Saved data entries
↓↓↓

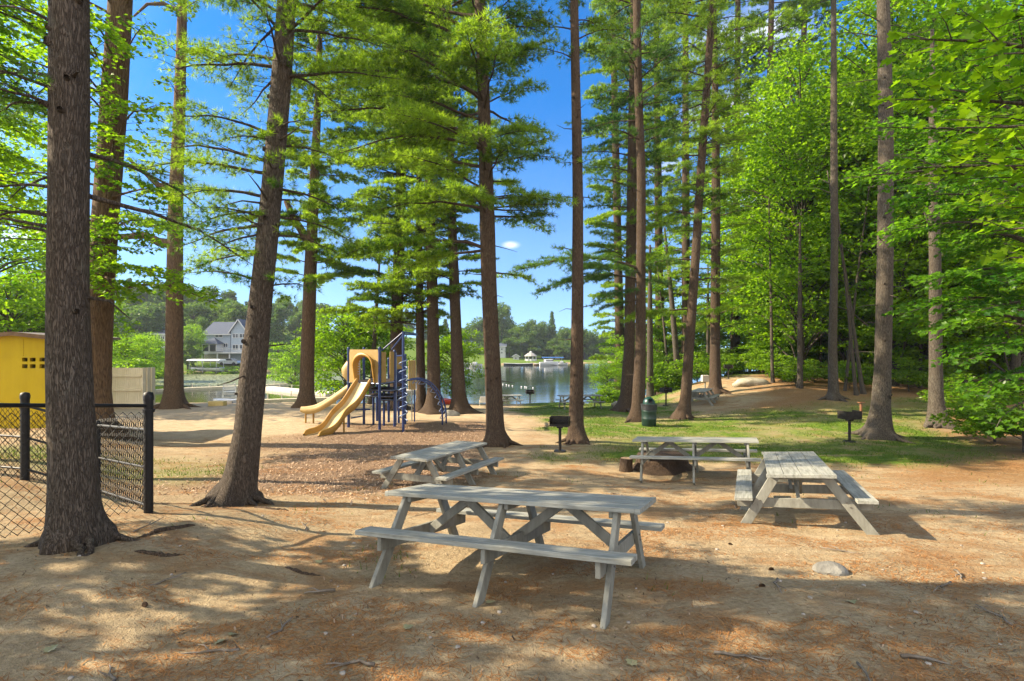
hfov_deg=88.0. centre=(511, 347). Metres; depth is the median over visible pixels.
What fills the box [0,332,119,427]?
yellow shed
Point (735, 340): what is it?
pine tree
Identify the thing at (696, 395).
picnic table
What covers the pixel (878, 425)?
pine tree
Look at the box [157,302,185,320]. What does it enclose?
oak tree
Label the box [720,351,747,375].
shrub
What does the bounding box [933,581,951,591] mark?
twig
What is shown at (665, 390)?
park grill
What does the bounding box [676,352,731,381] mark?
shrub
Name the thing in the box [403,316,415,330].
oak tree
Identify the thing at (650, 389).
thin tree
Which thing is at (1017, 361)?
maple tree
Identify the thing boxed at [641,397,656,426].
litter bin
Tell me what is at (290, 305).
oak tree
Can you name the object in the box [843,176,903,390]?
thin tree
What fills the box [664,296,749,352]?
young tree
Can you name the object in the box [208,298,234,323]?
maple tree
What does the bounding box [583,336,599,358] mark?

↑↑↑
↓↓↓

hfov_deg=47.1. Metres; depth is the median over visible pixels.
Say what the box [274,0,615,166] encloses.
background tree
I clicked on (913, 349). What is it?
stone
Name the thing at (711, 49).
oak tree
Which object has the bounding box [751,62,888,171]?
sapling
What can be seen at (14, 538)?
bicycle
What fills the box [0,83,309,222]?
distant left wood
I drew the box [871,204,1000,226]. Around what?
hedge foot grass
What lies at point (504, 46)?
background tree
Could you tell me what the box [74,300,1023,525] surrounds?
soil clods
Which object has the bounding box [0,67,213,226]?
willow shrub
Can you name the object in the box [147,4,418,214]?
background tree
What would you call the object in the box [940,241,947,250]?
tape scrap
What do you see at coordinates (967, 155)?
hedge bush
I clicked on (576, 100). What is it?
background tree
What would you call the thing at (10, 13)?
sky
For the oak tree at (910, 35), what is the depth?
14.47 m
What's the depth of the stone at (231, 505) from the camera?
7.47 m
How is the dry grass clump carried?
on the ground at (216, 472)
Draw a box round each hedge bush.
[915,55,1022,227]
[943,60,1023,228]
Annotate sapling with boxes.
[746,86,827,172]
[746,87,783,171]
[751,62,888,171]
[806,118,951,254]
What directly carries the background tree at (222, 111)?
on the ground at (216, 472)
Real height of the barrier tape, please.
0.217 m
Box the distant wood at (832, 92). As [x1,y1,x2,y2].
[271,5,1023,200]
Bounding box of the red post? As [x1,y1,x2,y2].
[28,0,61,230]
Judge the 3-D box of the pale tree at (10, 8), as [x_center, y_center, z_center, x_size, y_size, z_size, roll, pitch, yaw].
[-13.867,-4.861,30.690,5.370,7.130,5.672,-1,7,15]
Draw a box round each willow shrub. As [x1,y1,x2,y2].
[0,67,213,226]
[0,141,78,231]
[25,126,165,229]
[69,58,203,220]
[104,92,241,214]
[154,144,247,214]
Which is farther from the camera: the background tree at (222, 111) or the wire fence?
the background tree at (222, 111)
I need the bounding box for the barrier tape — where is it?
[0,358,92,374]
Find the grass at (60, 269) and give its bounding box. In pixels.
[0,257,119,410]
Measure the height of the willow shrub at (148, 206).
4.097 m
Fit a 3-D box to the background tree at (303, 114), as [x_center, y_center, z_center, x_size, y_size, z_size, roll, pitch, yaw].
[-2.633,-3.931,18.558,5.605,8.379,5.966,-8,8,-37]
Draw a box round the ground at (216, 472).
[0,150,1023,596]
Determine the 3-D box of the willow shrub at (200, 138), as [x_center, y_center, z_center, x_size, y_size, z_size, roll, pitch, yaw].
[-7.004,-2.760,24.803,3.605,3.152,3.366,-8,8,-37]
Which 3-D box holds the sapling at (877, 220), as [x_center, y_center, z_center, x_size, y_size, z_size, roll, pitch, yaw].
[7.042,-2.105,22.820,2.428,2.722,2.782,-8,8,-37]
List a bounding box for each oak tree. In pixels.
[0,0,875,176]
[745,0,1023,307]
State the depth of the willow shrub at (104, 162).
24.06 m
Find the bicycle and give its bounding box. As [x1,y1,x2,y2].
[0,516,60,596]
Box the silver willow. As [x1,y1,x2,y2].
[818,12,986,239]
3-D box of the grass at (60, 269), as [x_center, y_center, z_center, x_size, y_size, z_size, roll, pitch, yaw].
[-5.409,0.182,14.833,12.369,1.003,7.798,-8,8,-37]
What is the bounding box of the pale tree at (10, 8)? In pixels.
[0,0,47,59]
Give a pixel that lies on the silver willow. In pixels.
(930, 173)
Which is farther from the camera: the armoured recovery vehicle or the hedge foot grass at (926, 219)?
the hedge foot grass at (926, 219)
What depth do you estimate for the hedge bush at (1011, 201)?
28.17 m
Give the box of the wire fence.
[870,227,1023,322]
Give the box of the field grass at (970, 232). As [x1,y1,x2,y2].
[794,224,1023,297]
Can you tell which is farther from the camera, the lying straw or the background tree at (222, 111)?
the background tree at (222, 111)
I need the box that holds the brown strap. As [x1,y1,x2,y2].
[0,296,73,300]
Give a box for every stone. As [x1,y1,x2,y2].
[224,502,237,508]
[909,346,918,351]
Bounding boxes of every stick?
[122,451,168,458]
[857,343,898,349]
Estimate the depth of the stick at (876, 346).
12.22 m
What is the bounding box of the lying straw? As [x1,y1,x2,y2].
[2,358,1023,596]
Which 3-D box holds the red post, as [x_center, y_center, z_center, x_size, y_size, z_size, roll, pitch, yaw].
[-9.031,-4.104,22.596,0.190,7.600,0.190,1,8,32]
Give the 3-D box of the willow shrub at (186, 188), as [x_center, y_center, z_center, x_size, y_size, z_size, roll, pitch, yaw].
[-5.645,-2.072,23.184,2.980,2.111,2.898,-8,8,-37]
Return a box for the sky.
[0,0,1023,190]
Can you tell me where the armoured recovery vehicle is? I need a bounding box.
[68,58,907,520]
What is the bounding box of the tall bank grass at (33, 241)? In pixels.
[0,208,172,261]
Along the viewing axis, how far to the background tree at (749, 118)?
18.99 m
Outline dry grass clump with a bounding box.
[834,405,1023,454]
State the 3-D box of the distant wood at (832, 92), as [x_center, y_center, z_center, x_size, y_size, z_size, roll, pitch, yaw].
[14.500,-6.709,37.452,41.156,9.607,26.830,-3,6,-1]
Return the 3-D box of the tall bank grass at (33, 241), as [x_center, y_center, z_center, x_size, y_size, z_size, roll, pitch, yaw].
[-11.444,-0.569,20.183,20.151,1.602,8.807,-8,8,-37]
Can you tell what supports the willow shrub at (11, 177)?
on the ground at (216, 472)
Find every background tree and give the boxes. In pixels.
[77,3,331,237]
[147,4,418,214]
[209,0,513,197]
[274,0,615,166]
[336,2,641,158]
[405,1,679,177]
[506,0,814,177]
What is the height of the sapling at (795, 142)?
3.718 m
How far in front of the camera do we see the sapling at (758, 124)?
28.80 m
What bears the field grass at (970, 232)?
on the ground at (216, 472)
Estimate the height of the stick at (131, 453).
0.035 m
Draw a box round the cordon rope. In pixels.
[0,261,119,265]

↑↑↑

## EXERCISE DESCRIPTION
List all lines above in which the string "Metres" appears.

## RESPONSE AREA
hfov_deg=88.0. centre=(511, 347). Metres; depth is the median over visible pixels.
hfov_deg=47.1. Metres; depth is the median over visible pixels.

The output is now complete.